Pochi giorni dopo, il 20 febbraio, abbiamo ricevuto la risposta dell’assessore alle finanze, Luca Lignola, il quale, nel ritenere “fondata e legittima” la nostra interrogazione, ci ha comunicato di aver chiesto quello stesso giorno formalmente al Segretario Generale del Comune la convocazione di un tavolo tra tutte le parti interessate, che avrebbe dovuto non solo dare una risposta alle nostre domande, ma anche e soprattutto risolvere il problema dell'associazione Teatro Mimesis.

La celere risposta dell’assessore Lignola non ha però trovato seguito nelle azioni del Segretario Generale e vorremmo tanto sapere perché, anche perché questa storia ci puzza e non poco.

Proviamo a riassumerla. Aigs (società che peraltro ci piacerebbe capire perché non è stata ancora liquidata) fu delegata nel 2006 dal Comune alla realizzazione del programma “Estate Tranese” e al pagamento delle relative spese. Teatro Mimesis organizzò “Trani di Scena”, ossia 27 rappresentazioni teatrali.

Doveva ricevere un contributo di 47.000 euro, successivamente ridotto (per via di un accordo sul quale è meglio tacere) a 42.300 euro Iva compresa. Di quella somma furono anticipate 10mila euro, mentre  32.300 euro sarebbero state versate non appena Aigs avesse ricevuto i fondi dal Comune.

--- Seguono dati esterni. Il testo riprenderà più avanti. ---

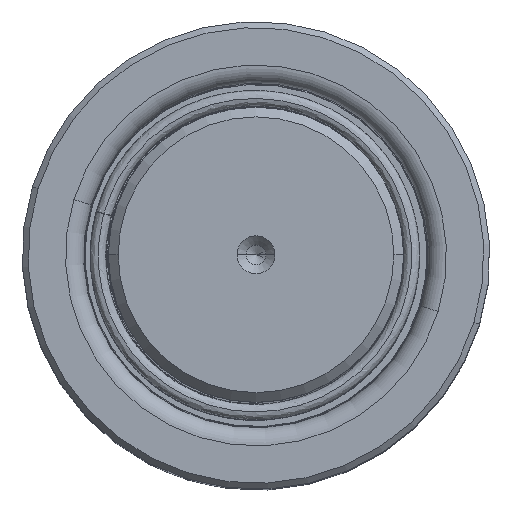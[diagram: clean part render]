
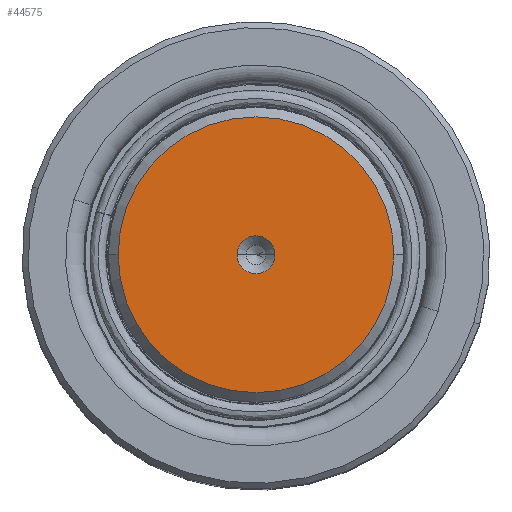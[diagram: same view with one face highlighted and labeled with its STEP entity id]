
A CAD part, top view. The second image highlights one B-rep face of the part: STEP entity #44575.
In plain terms, the highlighted planar face has unit normal (0, 0, 1).
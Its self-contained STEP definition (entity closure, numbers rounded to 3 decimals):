
#784 = CIRCLE ( 'NONE', #61977, 3.85 ) ;
#3861 = DIRECTION ( 'NONE',  ( 0., 0., 1. ) ) ;
#5632 = EDGE_LOOP ( 'NONE', ( #56040, #28097 ) ) ;
#6511 = DIRECTION ( 'NONE',  ( 1., 0., 0. ) ) ;
#6998 = VERTEX_POINT ( 'NONE', #54503 ) ;
#8636 = AXIS2_PLACEMENT_3D ( 'NONE', #39445, #38559, #17942 ) ;
#9257 = DIRECTION ( 'NONE',  ( 1., 0., 0. ) ) ;
#11611 = VERTEX_POINT ( 'NONE', #50681 ) ;
#11679 = DIRECTION ( 'NONE',  ( 0., 0., 1. ) ) ;
#12190 = AXIS2_PLACEMENT_3D ( 'NONE', #65227, #49949, #9257 ) ;
#12344 = CARTESIAN_POINT ( 'NONE',  ( 0., 0., 200. ) ) ;
#13387 = CIRCLE ( 'NONE', #12190, 28.017 ) ;
#14880 = CARTESIAN_POINT ( 'NONE',  ( 0., 0., 200. ) ) ;
#16839 = CARTESIAN_POINT ( 'NONE',  ( -3.85, 0., 200. ) ) ;
#17942 = DIRECTION ( 'NONE',  ( 1., 0., 0. ) ) ;
#20087 = DIRECTION ( 'NONE',  ( 1., 0., 0. ) ) ;
#21176 = AXIS2_PLACEMENT_3D ( 'NONE', #14880, #3861, #20087 ) ;
#25311 = AXIS2_PLACEMENT_3D ( 'NONE', #55005, #30566, #41558 ) ;
#25750 = VERTEX_POINT ( 'NONE', #16839 ) ;
#28097 = ORIENTED_EDGE ( 'NONE', *, *, #45239, .T. ) ;
#28404 = EDGE_CURVE ( 'NONE', #6998, #11611, #13387, .T. ) ;
#28409 = CIRCLE ( 'NONE', #25311, 3.85 ) ;
#28922 = EDGE_LOOP ( 'NONE', ( #31115, #41603 ) ) ;
#30566 = DIRECTION ( 'NONE',  ( 0., 0., 1. ) ) ;
#31115 = ORIENTED_EDGE ( 'NONE', *, *, #42254, .F. ) ;
#32125 = FACE_BOUND ( 'NONE', #28922, .T. ) ;
#34505 = CIRCLE ( 'NONE', #21176, 28.017 ) ;
#35444 = VERTEX_POINT ( 'NONE', #51140 ) ;
#38559 = DIRECTION ( 'NONE',  ( 0., 0., 1. ) ) ;
#39445 = CARTESIAN_POINT ( 'NONE',  ( 0., 0., 200. ) ) ;
#41558 = DIRECTION ( 'NONE',  ( 1., 0., 0. ) ) ;
#41603 = ORIENTED_EDGE ( 'NONE', *, *, #59220, .F. ) ;
#42254 = EDGE_CURVE ( 'NONE', #35444, #25750, #784, .T. ) ;
#44575 = ADVANCED_FACE ( 'NONE', ( #32125, #49004 ), #49339, .T. ) ;
#45239 = EDGE_CURVE ( 'NONE', #11611, #6998, #34505, .T. ) ;
#49004 = FACE_OUTER_BOUND ( 'NONE', #5632, .T. ) ;
#49339 = PLANE ( 'NONE',  #8636 ) ;
#49949 = DIRECTION ( 'NONE',  ( 0., 0., 1. ) ) ;
#50681 = CARTESIAN_POINT ( 'NONE',  ( 28.017, 0., 200. ) ) ;
#51140 = CARTESIAN_POINT ( 'NONE',  ( 3.85, 0., 200. ) ) ;
#54503 = CARTESIAN_POINT ( 'NONE',  ( -28.017, 0., 200. ) ) ;
#55005 = CARTESIAN_POINT ( 'NONE',  ( 0., 0., 200. ) ) ;
#56040 = ORIENTED_EDGE ( 'NONE', *, *, #28404, .T. ) ;
#59220 = EDGE_CURVE ( 'NONE', #25750, #35444, #28409, .T. ) ;
#61977 = AXIS2_PLACEMENT_3D ( 'NONE', #12344, #11679, #6511 ) ;
#65227 = CARTESIAN_POINT ( 'NONE',  ( 0., 0., 200. ) ) ;

Quei soldi a Mimesis non sono mai più stati pagati e così l’associazione ha dapprima presentato un ricorso per decreto ingiuntivo e, in seguito, un atto di precetto, quindi un pignoramento presso terzi, ossia presso il Comune di Trani, debitore nei confronti di Aigs.

La cosa inspiegabile è che ad oggi, nonostante l’amministrazione terza pignorata (il Comune di Trani) abbia riconosciuto che i crediti vantati dall’Aigs nei confronti dell’Ente sono pari a 50.000 euro e che il Giudice dell’Esecuzione abbia assegnato al Teatro Mimesis la somma complessiva di 39.494,84 euro, oltre interessi e spese successive, e ordinato al Comune di Trani il pagamento, il Comune continua a non pagare.

Il titolo è esecutivo dal 20 giugno del 2016, sono quindi abbondantemente trascorsi i 120 giorni previsti dalla legge ed ora, dunque, per vedere riconosciuto un diritto sacrosanto, l’associazione è stata costretta a notificare un atto di precetto al Comune, quindi a citare direttamente il Comune.

Siamo dunque al paradosso, al pignoramento del debitore pignorato. Inutile sottolineare come l’inerzia degli uffici stia contribuendo ad incrementare il debito, con relativo danno erariale a carico del Comune di Trani.

Sperando (altro paradosso) si tratti effettivamente solo di inerzia e non invece di una precisa volontà da parte di qualcuno a non voler saldare un’associazione che andava premiata e che invece è stata messa in ginocchio (salvo poi rialzarsi con le proprie forze e con grandi sacrifici).

Ci auguriamo che l’assessore Lignola, appreso che il Segretario Generale non ha provveduto a convocare il tavolo, faccia un ulteriore sollecito affinché questa situazione venga risolta in pochi giorni.